(Stored items from a collection)
----------------
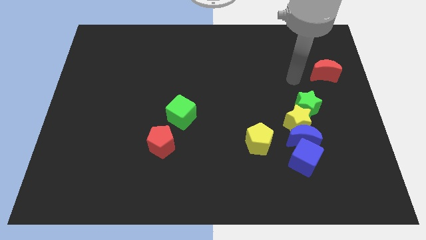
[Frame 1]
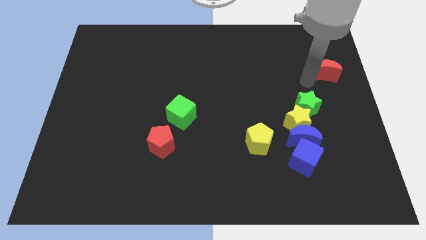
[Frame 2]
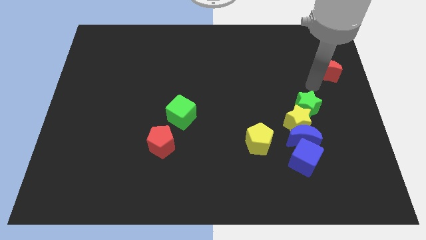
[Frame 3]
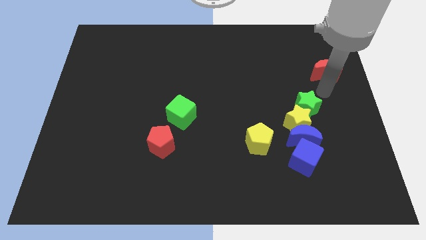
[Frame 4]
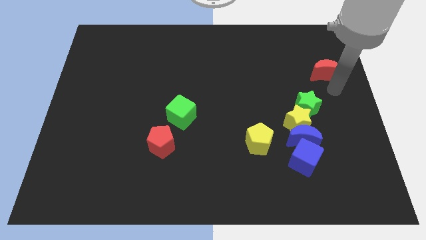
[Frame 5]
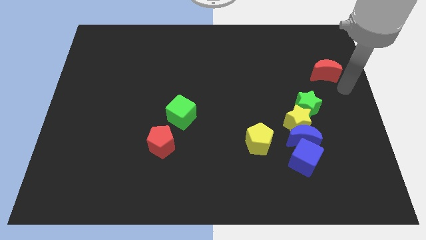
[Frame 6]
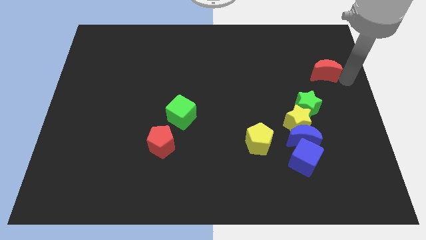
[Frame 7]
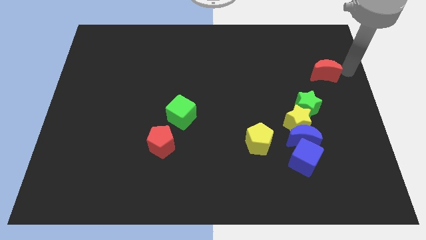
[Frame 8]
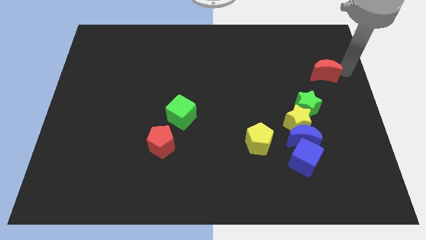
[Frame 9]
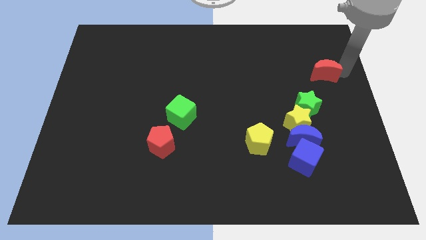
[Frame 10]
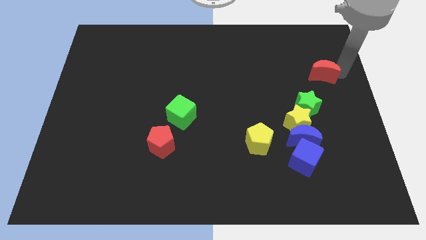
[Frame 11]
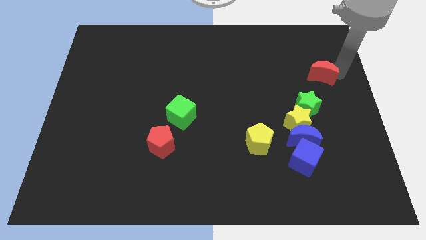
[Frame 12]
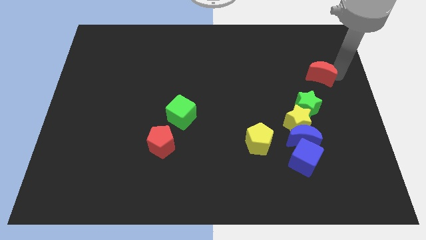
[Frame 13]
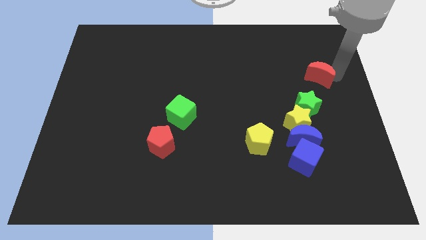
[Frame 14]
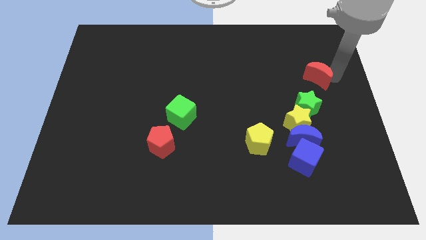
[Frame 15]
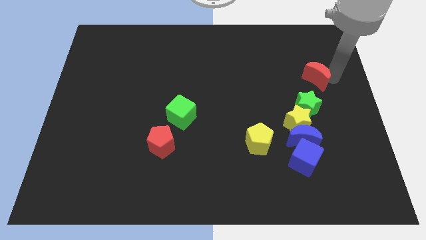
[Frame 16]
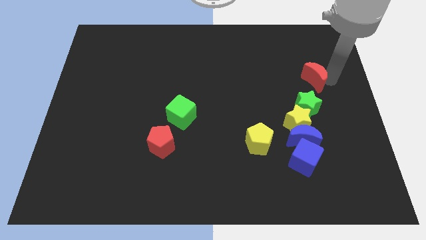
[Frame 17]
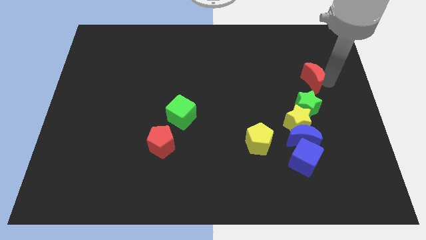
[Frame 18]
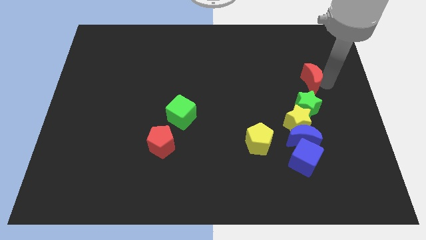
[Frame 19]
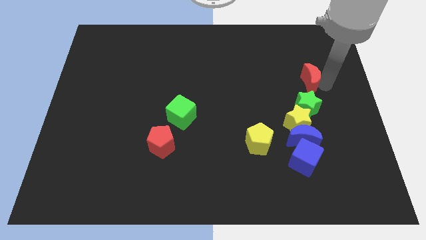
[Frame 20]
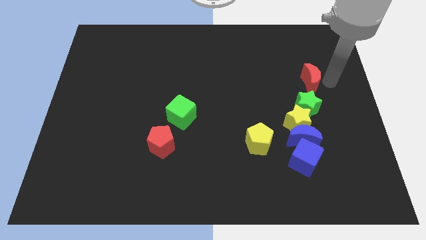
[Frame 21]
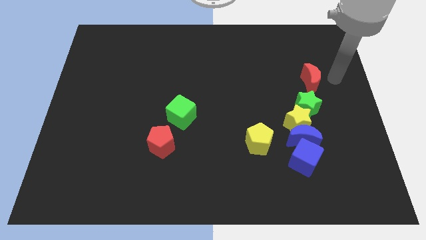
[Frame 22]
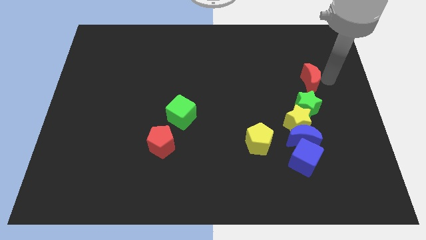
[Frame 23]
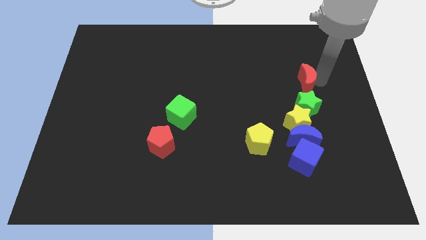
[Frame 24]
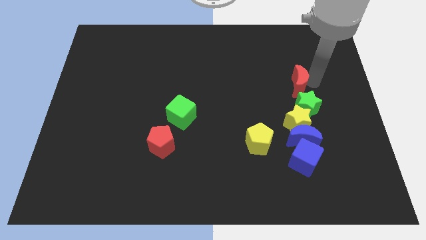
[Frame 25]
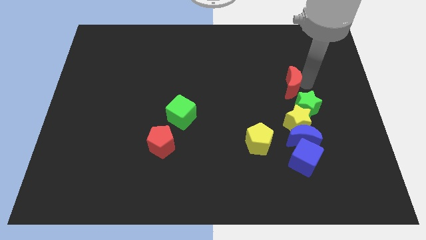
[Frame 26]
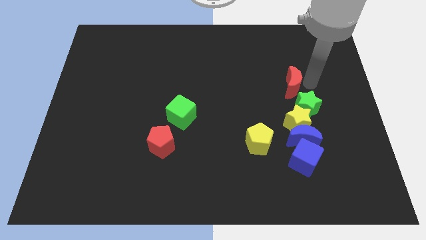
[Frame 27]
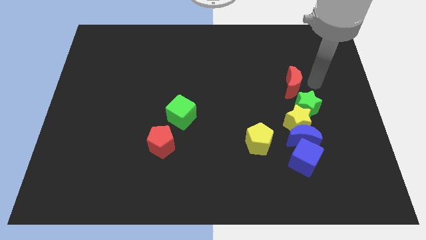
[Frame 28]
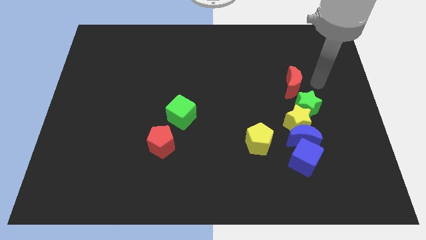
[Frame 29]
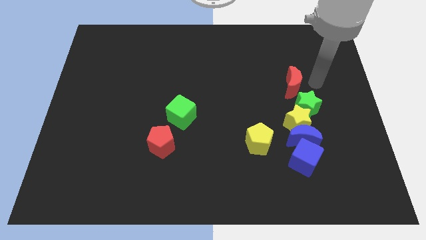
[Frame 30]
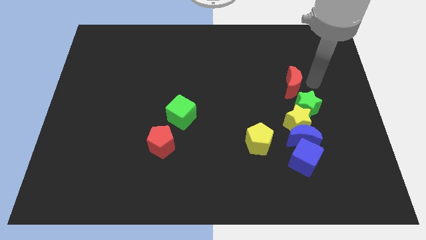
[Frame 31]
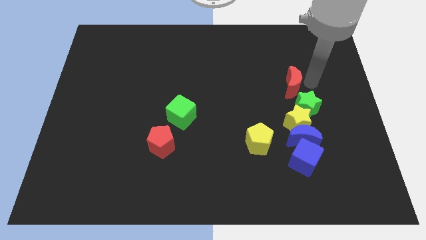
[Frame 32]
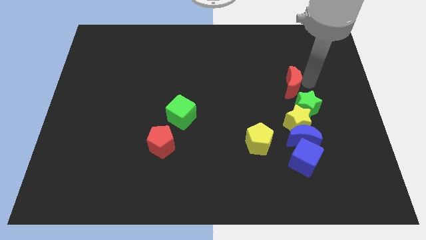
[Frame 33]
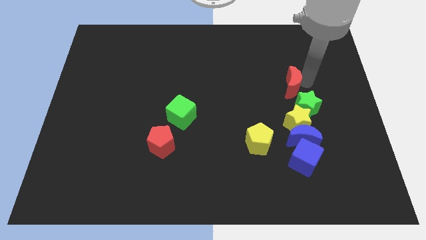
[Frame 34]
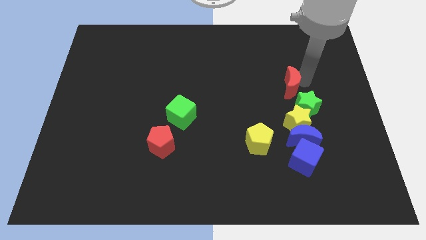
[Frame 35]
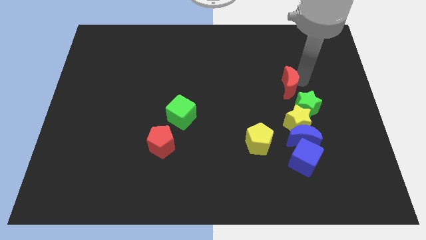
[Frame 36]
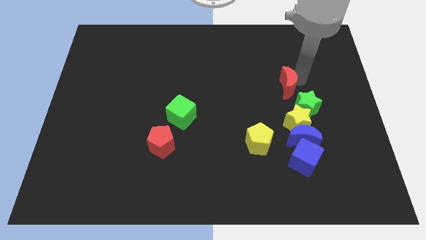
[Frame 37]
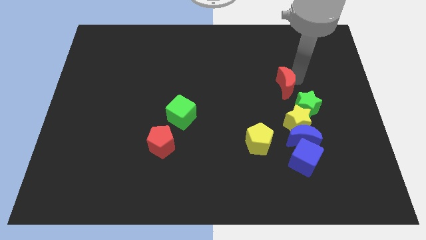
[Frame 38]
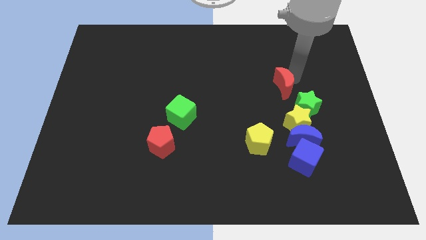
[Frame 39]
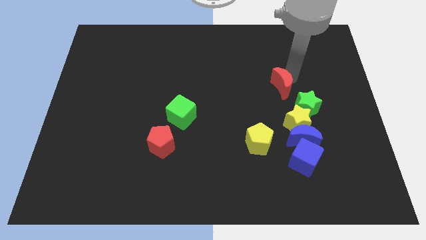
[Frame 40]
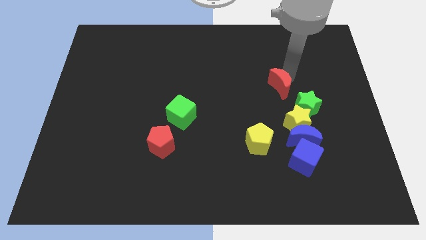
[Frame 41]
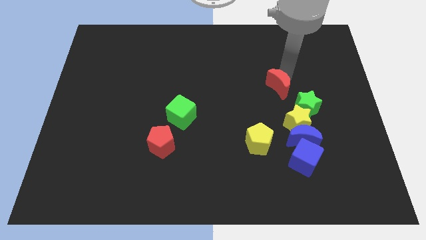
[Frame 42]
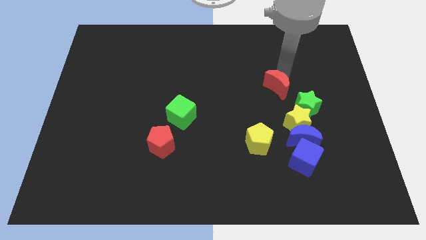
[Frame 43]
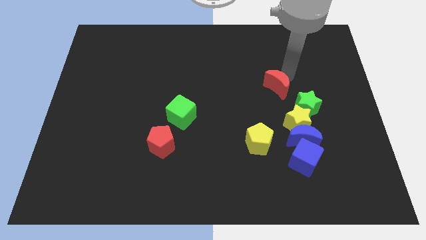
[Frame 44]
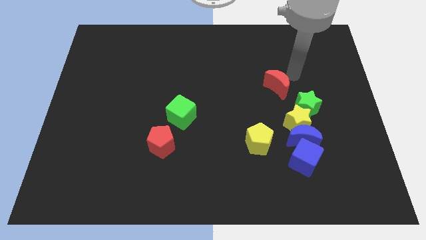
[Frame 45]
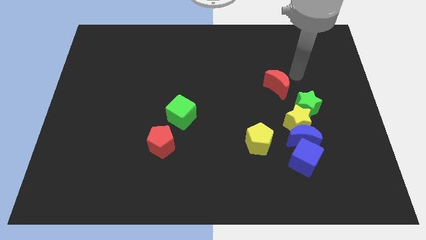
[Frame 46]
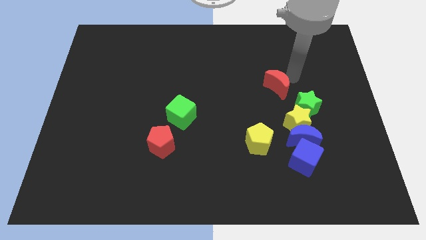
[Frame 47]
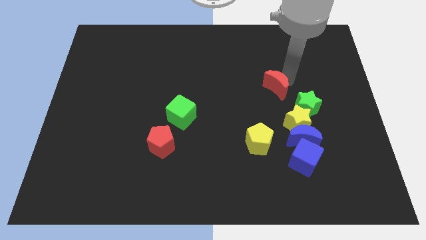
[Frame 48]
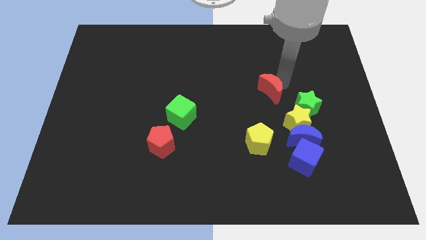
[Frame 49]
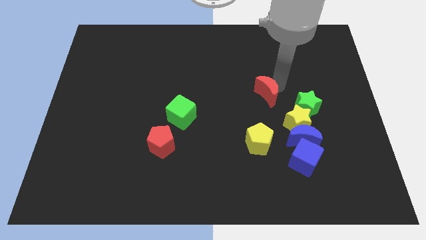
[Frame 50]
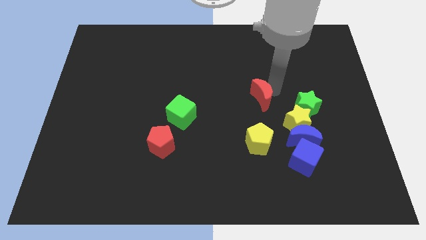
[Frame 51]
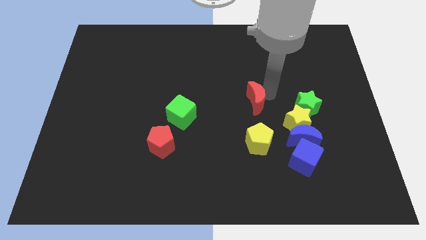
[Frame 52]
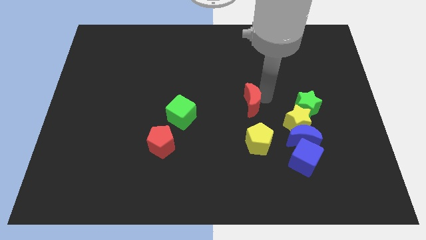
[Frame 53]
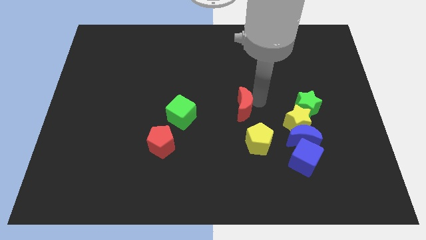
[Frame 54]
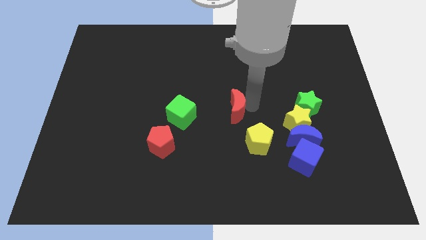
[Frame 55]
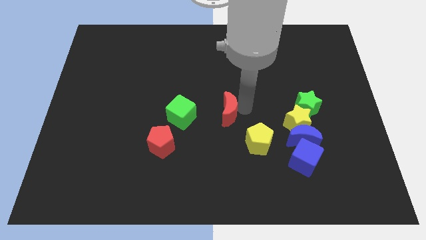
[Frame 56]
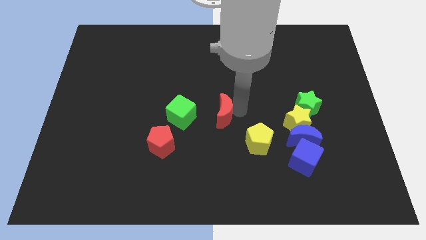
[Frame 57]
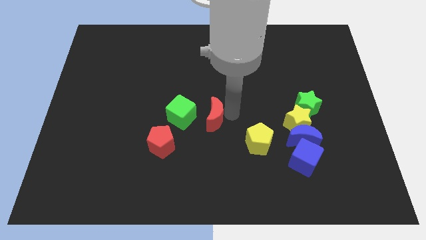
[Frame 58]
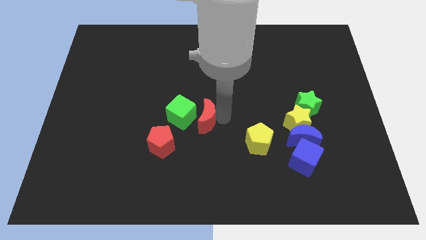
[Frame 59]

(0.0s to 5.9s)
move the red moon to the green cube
----------------
◆ Task statement: Each record should appear again exactly as it stands, with no picture included.

◆ Result of the task:
[Frame 1]
[Frame 2]
[Frame 3]
[Frame 4]
[Frame 5]
[Frame 6]
[Frame 7]
[Frame 8]
[Frame 9]
[Frame 10]
[Frame 11]
[Frame 12]
[Frame 13]
[Frame 14]
[Frame 15]
[Frame 16]
[Frame 17]
[Frame 18]
[Frame 19]
[Frame 20]
[Frame 21]
[Frame 22]
[Frame 23]
[Frame 24]
[Frame 25]
[Frame 26]
[Frame 27]
[Frame 28]
[Frame 29]
[Frame 30]
[Frame 31]
[Frame 32]
[Frame 33]
[Frame 34]
[Frame 35]
[Frame 36]
[Frame 37]
[Frame 38]
[Frame 39]
[Frame 40]
[Frame 41]
[Frame 42]
[Frame 43]
[Frame 44]
[Frame 45]
[Frame 46]
[Frame 47]
[Frame 48]
[Frame 49]
[Frame 50]
[Frame 51]
[Frame 52]
[Frame 53]
[Frame 54]
[Frame 55]
[Frame 56]
[Frame 57]
[Frame 58]
[Frame 59]

(0.0s to 5.9s)
move the red moon to the green cube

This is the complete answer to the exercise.